Lecciones de Caín y Abel: Sumergiéndonos en los matices del amor y la justicia
"Domina al Caín que llevas dentro
11 Este es el mensaje que han oído desde el principio: que nos amemos los unos a los otros. 12 No seamos como Caín, que era del maligno y asesinó a su hermano. ¿Y por qué lo asesinó? Porque sus obras eran malas y las de su hermano eran justas.
1 Juan 3:11-12.
Uno de los principios básicos de la vida cristiana es que debemos amarnos unos a otros. El texto no dice que debamos amar solo a quienes están de acuerdo con nosotros, que siempre nos agradan o que son nuestros mejores amigos.
En nuestro corazón, tenemos a Abel, que siempre desea agradar a Dios ofreciendo lo mejor. Abel ofrece su sacrificio a Dios con la motivación correcta, una motivación piadosa que busca agradar a Dios por encima de todo. La ofrenda de Abel tenía la fe como elemento principal y, por lo tanto, su motivación agradó completamente a Dios.
Por otro lado, también tenemos a un Caín en nuestro corazón, sugiriendo que ofrezcamos cualquier cosa a Dios, y así queda clara la motivación de nuestro corazón.

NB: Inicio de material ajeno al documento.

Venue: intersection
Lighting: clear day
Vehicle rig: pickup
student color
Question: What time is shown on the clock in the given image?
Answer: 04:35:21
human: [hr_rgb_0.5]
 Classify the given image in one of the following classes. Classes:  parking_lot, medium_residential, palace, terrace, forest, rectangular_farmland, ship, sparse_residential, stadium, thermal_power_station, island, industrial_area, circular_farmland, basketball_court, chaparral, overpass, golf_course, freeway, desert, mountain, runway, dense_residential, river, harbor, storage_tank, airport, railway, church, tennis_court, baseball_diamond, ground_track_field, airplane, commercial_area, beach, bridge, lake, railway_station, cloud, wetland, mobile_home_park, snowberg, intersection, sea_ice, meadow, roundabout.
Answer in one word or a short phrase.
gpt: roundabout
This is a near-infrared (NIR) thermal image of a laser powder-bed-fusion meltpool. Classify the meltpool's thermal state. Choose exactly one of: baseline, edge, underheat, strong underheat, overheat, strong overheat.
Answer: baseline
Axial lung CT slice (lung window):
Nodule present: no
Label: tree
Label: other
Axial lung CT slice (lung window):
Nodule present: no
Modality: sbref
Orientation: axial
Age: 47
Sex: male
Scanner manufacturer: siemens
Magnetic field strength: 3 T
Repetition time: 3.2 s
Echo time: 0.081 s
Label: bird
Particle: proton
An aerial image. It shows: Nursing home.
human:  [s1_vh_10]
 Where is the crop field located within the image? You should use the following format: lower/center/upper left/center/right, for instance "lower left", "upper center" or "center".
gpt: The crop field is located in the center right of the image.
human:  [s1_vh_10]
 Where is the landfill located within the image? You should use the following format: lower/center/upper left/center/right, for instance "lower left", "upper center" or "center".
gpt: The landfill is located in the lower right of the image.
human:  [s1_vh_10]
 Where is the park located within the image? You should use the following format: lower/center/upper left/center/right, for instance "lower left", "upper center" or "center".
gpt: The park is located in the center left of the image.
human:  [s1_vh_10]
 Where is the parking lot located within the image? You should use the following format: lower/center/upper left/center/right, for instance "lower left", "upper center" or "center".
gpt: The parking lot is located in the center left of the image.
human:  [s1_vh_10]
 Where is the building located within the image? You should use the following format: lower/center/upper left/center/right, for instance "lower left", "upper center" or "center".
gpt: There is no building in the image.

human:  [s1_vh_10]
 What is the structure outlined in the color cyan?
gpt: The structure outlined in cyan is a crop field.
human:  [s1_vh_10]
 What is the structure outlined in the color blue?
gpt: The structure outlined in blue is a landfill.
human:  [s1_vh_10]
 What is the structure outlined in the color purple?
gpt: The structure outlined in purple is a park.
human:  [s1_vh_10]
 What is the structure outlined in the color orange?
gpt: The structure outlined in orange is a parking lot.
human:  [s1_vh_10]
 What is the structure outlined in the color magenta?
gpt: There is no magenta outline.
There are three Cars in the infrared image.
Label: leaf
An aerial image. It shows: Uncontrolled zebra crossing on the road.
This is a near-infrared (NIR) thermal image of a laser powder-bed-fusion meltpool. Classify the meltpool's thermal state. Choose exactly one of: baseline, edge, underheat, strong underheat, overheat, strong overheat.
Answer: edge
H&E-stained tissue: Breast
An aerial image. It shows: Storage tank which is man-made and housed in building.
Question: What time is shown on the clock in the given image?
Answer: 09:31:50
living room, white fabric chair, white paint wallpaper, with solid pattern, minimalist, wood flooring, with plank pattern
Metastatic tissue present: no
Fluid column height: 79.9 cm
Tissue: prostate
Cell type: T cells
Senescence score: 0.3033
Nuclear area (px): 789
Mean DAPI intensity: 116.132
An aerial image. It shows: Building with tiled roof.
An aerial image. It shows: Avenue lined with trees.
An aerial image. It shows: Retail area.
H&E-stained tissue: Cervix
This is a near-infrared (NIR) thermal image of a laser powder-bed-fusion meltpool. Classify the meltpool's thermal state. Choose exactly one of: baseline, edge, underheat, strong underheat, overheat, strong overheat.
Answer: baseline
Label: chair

Caín siempre sugiere malas obras.
El Caín que llevamos dentro necesita ser dominado para que Abel pueda surgir. Caín siempre querrá que hagamos lo que nos agrada, mientras que Abel nos exhortará a hacer, por encima de todo, lo que agrada a Dios. Caín siempre tendrá una motivación egoísta y envidiosa, que puede escalar hasta volverse incontrolable y llegar al extremo de asesinar la belleza de la comunión caracterizada por el amor mutuo.
Nuestra tendencia es que Caín siempre se salga con la suya, ya que nuestro corazón se inclina en esa dirección. "Porque de adentro, del corazón de las personas, salen los malos pensamientos, la inmoralidad sexual, los robos, los homicidios", Marcos 7:21.
Antes de verbalizar o expresar cualquier pensamiento de tu corazón, piensa cuidadosamente si es Abel o Caín quien está al mando. Si es Abel, Dios estará complacido, porque Él sabe muy bien lo que surge de nuestro corazón. Si es Caín, el desastre será total y terminará en el asesinato de la comunión, causando enormes daños y dejando marcas que tal vez nunca se borren y pérdidas que tal vez nunca se recuperen."